Re: [PATCH] libstdc++: add ARM SVE support to std::experimental::simd

Matthias Kretz Wed, 27 Mar 2024 04:53:18 -0700

Hi Richard,

sorry for not answering sooner. I took action on your mail but failed to also 
give feedback. Now in light of your veto of Srinivas patch I wanted to use the 
opportunity to pick this up again.

On Dienstag, 23. Januar 2024 21:57:23 CET Richard Sandiford wrote:
> However, we also support different vector lengths for streaming SVE
> (running in "streaming" mode on SME) and non-streaming SVE (running
> in "non-streaming" mode on the core).  Having two different lengths is
> expected to be the common case, rather than a theoretical curiosity.

I read up on this after you mentioned this for the first time. As a WG21 
member I find the approach troublesome - but that's a bit off-topic for this 
thread.

The big issue here is that, IIUC, a user (and the simd library) cannot do the 
right thing at the moment. There simply isn't enough context information 
available when parsing the <experimental/simd> header. I.e. on definition of 
the class template there's no facility to take target_clones or SME 
"streaming" mode into account. Consequently, if we want the library to be fit 
for SME, then we need more language extension(s) to make it work.

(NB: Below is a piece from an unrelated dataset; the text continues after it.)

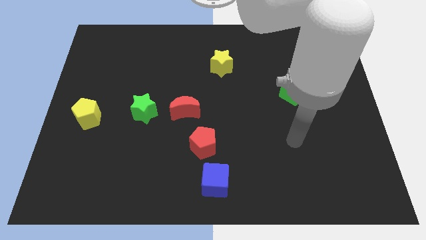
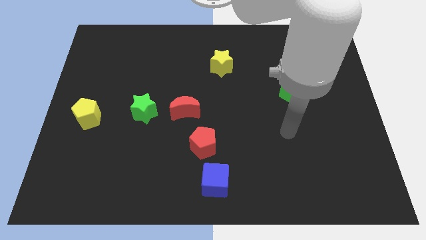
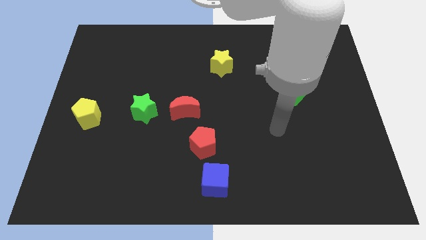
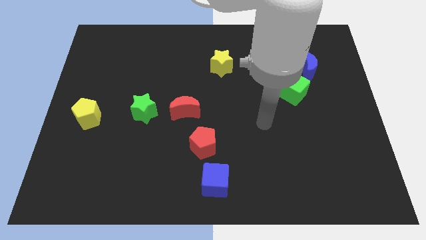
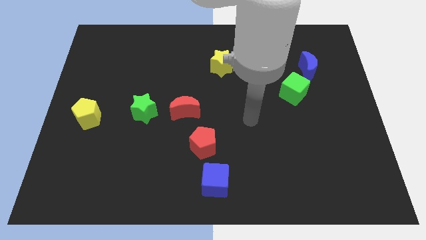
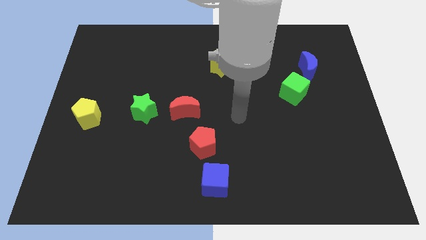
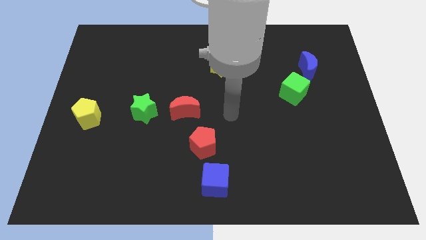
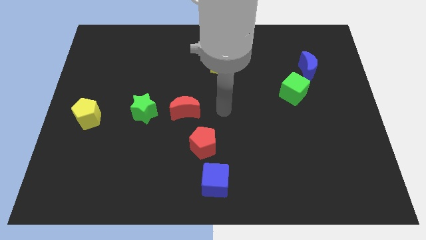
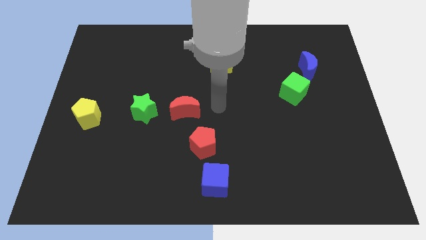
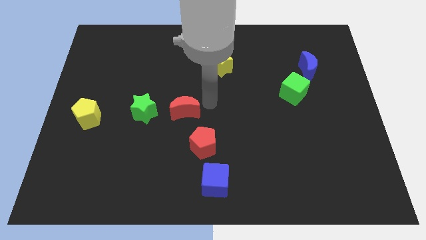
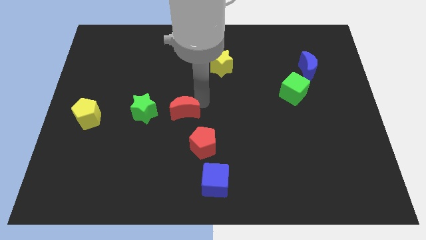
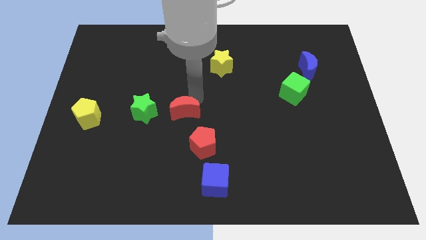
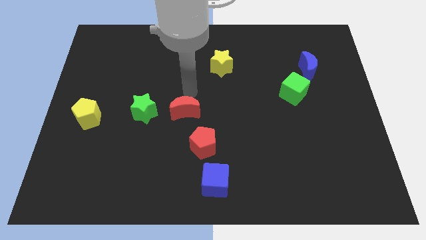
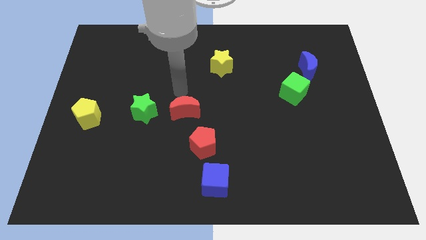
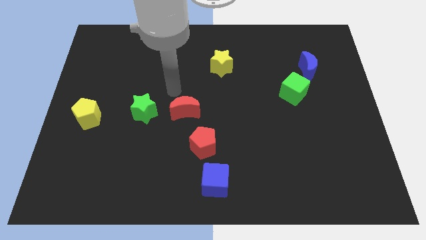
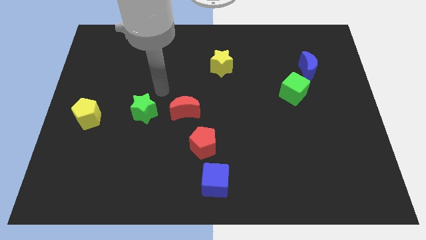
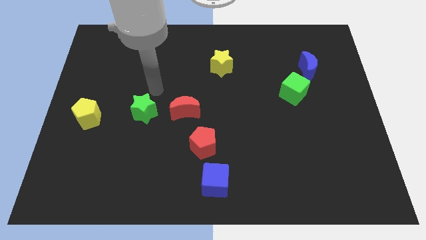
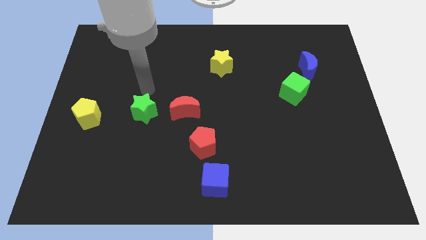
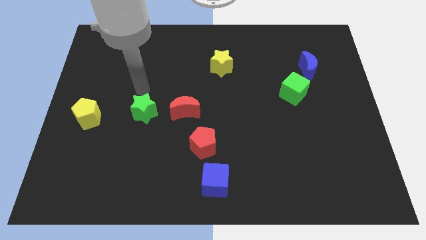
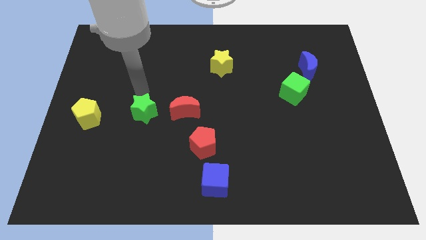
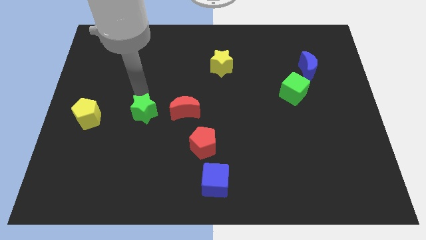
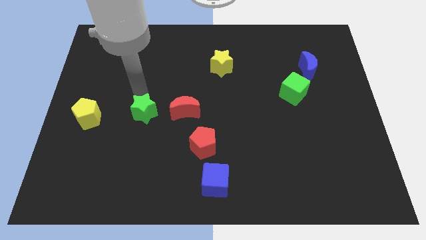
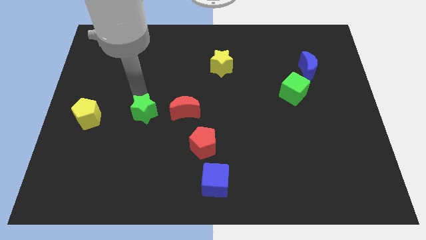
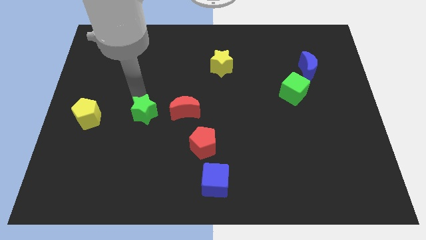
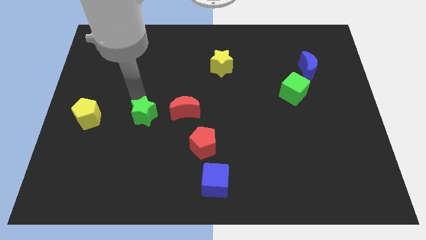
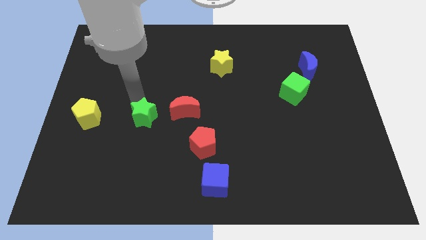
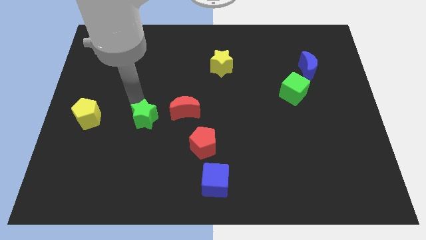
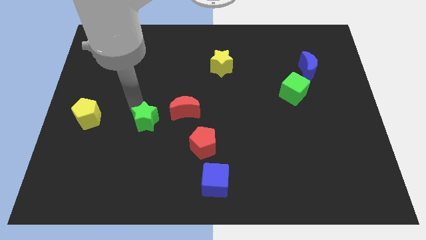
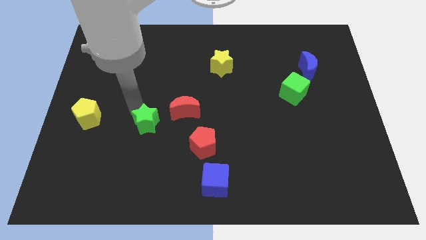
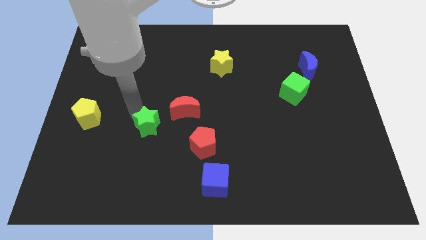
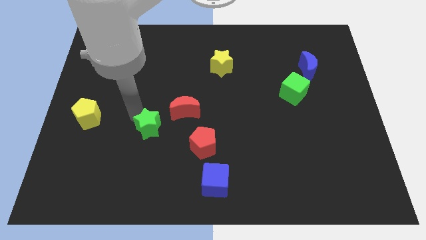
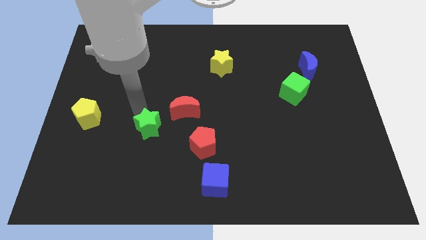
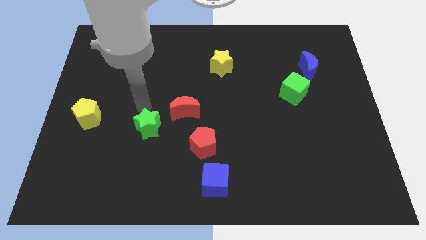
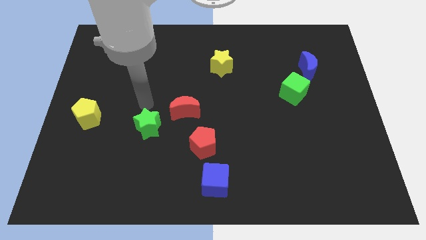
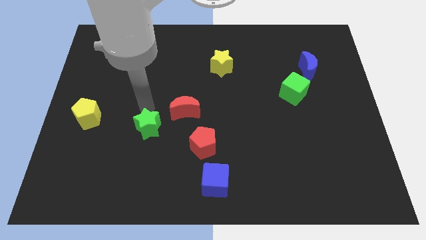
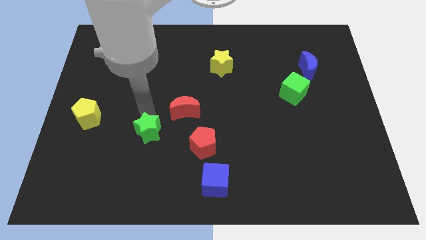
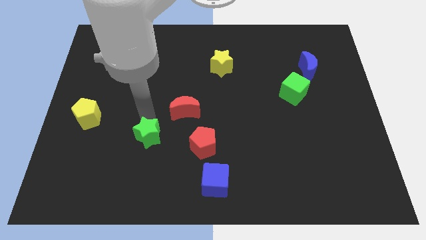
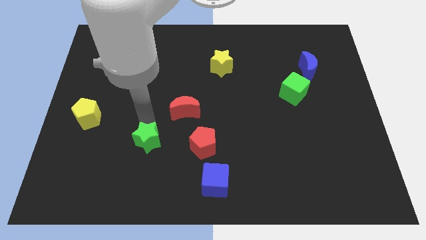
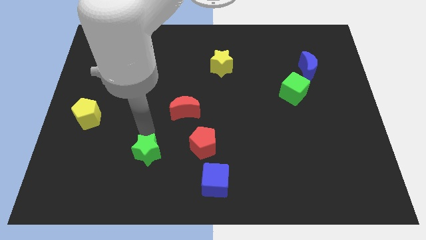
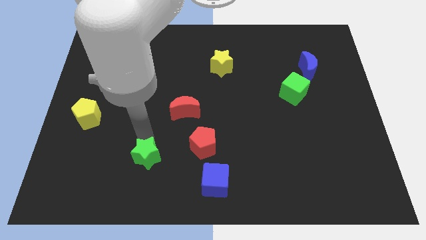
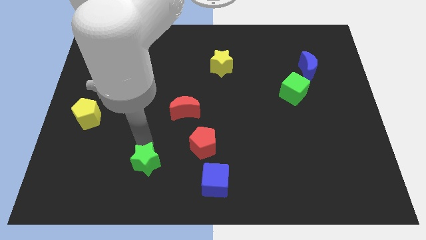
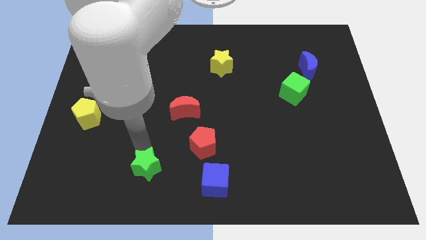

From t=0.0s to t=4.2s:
move the green star left of the blue cube

I guess I'm looking for a way to declare types that are different depending on 
whether they are used in streaming mode or non-streaming mode (making them 
ill-formed to use in functions marked arm_streaming_compatible).

From reading through https://arm-software.github.io/acle/main/
acle.html#controlling-the-use-of-streaming-mode I don't see any discussion of 
member functions or ctor/dtor, static and non-static data members, etc.

The big issue I see here is that currently all of std::* is declared without a 
arm_streaming or arm_streaming_compatible. Thus, IIUC, you can't use anything 
from the standard library in streaming mode. Since that also applies to 
std::experimental::simd, we're not creating a new footgun, only missing out on 
potential users?

Some more thoughts on target_clones/streaming SVE language extension 
evolution:

  void nonstreaming_fn(void) {
    constexpr int width = __arm_sve_bits(); // e.g. 512
    constexpr int width2 = __builtin_vector_size(); // e.g. 64 (the
      // vector_size attribute works with bytes, not bits)
  }

  __attribute__((arm_locally_streaming))
  void streaming_fn(void) {
    constexpr int width = __arm_sve_bits(); // e.g. 128
    constexpr int width2 = __builtin_vector_size(); // e.g. 16
  }

  __attribute__((target_clones("sse4.2,avx2")))
  void streaming_fn(void) {
    constexpr int width = __builtin_vector_size(); // 16 in the sse4.2 clone
      // and 32 in the avx2 clone
  }

... as a starting point for exploration. Given this, I'd still have to resort 
to a macro to define a "native" simd type:

#define NATIVE_SIMD(T) std::experimental::simd<T, _SveAbi<__arm_sve_bits() / 
CHAR_BITS, __arm_sve_bits() / CHAR_BITS>>

Getting rid of the macro seems to be even harder.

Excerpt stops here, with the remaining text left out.